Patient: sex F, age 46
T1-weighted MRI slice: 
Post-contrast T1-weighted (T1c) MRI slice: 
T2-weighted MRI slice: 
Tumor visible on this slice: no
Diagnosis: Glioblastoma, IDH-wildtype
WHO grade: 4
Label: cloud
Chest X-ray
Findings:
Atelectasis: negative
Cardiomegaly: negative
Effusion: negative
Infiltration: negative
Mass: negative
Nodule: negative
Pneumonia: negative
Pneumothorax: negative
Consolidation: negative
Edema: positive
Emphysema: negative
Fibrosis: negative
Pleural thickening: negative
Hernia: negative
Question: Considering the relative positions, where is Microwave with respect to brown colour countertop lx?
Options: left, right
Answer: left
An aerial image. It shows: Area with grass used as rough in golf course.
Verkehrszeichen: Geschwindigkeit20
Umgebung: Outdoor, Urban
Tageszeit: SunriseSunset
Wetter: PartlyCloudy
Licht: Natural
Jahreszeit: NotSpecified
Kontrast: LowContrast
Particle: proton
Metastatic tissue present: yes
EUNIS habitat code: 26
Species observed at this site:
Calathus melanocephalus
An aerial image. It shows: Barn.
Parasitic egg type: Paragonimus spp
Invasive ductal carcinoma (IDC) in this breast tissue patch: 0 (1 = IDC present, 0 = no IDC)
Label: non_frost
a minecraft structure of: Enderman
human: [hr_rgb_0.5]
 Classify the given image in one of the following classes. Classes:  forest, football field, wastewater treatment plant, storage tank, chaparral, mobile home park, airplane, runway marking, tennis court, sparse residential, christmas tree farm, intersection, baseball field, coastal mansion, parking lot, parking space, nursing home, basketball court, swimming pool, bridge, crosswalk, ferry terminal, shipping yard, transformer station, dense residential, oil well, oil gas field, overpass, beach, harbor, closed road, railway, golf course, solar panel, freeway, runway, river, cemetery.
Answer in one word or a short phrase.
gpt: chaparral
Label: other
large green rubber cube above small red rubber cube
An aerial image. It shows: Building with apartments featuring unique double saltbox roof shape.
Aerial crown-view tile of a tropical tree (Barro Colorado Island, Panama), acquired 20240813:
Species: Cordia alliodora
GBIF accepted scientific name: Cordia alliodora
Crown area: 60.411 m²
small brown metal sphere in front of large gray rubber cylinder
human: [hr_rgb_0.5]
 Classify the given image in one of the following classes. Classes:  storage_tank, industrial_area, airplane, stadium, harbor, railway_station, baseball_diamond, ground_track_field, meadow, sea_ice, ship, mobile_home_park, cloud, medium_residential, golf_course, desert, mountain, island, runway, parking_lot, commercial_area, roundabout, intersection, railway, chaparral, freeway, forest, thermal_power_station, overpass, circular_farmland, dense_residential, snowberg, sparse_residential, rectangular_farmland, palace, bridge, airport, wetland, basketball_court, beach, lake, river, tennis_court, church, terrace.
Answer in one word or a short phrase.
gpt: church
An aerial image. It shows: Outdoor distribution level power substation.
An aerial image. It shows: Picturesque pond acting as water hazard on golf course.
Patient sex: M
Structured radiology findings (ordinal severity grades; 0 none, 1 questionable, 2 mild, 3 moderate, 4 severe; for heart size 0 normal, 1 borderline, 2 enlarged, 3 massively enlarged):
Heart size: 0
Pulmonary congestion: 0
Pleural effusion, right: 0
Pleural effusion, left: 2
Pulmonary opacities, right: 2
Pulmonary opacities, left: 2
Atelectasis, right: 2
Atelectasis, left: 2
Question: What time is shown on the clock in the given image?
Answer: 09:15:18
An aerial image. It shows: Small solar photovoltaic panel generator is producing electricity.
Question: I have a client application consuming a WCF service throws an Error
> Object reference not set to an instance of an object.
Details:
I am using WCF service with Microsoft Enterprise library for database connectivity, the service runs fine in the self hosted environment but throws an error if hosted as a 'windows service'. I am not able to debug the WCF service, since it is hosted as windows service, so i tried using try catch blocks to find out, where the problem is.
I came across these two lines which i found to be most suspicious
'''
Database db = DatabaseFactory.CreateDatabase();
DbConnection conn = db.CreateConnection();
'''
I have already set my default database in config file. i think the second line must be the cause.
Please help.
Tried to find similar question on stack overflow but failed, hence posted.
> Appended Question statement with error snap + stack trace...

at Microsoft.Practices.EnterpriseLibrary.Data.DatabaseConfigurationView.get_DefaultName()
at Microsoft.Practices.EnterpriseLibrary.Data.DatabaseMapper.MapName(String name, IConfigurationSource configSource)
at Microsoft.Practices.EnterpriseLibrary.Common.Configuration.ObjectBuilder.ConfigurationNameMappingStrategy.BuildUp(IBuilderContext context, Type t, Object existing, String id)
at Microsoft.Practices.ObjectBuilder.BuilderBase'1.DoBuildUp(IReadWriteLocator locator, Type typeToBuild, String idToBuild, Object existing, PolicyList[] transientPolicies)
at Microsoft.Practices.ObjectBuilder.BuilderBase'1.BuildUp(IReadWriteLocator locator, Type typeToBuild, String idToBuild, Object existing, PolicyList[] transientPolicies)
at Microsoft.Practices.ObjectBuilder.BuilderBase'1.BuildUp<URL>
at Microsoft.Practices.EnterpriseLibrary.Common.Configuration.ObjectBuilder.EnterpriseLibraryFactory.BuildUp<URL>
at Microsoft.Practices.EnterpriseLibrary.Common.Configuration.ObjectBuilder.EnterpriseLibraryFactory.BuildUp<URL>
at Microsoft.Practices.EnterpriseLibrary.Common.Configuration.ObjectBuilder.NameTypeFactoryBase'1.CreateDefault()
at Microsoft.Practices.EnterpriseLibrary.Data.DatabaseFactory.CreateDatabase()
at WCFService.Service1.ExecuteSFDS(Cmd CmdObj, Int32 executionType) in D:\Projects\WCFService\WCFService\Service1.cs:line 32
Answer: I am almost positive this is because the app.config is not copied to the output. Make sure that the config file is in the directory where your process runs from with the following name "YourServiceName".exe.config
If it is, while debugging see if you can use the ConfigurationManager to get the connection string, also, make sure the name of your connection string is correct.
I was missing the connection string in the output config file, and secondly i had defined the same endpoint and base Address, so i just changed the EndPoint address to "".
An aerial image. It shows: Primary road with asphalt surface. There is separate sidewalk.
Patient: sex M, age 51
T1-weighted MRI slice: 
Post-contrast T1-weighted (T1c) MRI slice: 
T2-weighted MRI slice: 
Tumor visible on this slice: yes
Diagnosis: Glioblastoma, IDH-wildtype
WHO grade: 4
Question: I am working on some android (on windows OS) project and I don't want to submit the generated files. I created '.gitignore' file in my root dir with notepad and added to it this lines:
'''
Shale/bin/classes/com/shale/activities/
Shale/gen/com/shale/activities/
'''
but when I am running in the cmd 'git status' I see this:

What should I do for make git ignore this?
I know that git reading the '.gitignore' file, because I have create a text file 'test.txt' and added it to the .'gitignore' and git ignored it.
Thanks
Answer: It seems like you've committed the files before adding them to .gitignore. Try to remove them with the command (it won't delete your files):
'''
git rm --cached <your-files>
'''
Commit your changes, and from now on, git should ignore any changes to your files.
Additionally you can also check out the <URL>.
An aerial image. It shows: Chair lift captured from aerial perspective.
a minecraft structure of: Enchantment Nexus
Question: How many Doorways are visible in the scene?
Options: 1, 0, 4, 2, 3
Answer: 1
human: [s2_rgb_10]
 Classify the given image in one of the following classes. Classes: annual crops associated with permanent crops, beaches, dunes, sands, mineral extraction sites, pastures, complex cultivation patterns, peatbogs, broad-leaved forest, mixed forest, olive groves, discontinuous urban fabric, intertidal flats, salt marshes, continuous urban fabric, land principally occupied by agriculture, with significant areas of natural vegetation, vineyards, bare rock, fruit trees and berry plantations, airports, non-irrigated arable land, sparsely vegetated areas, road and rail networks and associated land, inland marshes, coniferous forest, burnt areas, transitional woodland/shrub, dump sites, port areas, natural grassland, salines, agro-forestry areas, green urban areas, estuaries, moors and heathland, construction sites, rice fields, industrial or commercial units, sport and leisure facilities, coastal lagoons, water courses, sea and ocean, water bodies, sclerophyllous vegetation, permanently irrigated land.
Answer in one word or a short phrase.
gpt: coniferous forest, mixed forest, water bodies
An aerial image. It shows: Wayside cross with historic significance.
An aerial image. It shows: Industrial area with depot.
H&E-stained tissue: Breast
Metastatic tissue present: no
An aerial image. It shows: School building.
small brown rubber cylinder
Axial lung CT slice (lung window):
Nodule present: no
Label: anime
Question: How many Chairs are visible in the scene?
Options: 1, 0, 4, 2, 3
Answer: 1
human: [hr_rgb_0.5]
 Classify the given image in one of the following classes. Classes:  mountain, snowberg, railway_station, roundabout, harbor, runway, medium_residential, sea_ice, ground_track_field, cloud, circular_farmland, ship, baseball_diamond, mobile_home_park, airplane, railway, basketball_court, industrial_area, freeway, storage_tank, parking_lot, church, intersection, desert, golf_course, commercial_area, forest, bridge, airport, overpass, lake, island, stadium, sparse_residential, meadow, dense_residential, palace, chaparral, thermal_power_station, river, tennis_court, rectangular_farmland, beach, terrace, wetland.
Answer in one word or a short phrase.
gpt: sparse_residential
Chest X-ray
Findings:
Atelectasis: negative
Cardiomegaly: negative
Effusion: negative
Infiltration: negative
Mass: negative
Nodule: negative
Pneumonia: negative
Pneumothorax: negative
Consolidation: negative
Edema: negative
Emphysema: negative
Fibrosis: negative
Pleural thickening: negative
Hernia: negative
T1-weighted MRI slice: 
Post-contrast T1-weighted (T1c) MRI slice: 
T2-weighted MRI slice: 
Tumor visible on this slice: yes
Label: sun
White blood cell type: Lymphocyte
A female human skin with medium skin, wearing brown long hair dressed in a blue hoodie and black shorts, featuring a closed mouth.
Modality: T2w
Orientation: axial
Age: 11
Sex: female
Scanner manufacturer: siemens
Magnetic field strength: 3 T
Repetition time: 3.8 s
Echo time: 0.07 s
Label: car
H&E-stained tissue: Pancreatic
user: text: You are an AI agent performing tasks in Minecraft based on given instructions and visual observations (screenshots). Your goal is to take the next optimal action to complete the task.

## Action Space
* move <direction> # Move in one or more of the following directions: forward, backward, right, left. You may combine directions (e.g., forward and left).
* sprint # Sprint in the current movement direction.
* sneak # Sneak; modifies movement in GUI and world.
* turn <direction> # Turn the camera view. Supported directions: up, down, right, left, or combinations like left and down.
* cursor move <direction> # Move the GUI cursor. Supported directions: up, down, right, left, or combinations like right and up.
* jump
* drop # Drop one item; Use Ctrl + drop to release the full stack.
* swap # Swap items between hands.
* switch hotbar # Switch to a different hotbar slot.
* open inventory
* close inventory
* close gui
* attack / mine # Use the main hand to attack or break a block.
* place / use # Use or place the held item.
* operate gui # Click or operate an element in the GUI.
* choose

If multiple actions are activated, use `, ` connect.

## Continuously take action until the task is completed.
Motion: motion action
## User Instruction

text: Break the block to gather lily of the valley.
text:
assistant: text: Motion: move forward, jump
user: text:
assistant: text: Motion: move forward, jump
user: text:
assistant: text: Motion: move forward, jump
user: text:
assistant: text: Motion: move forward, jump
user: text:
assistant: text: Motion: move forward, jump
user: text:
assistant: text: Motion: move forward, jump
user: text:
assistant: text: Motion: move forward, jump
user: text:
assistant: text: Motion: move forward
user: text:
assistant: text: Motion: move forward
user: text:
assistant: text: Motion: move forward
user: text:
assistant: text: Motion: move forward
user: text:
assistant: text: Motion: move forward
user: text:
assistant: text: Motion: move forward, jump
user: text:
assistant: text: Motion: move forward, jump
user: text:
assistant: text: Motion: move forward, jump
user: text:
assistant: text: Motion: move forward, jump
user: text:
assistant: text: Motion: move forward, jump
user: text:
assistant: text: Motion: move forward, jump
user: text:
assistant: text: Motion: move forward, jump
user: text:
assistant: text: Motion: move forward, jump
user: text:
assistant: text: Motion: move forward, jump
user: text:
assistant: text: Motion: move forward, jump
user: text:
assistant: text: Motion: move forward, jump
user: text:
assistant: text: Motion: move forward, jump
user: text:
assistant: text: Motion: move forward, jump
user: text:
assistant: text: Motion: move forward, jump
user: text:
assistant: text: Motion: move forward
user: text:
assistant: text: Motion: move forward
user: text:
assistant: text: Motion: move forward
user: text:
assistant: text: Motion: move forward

————————

### [Directions]
The string "many" may occur in the listing; show every line where it does.

### [Solution to the exercise]
Question: How many Doorways are visible in the scene?
Question: How many Chairs are visible in the scene?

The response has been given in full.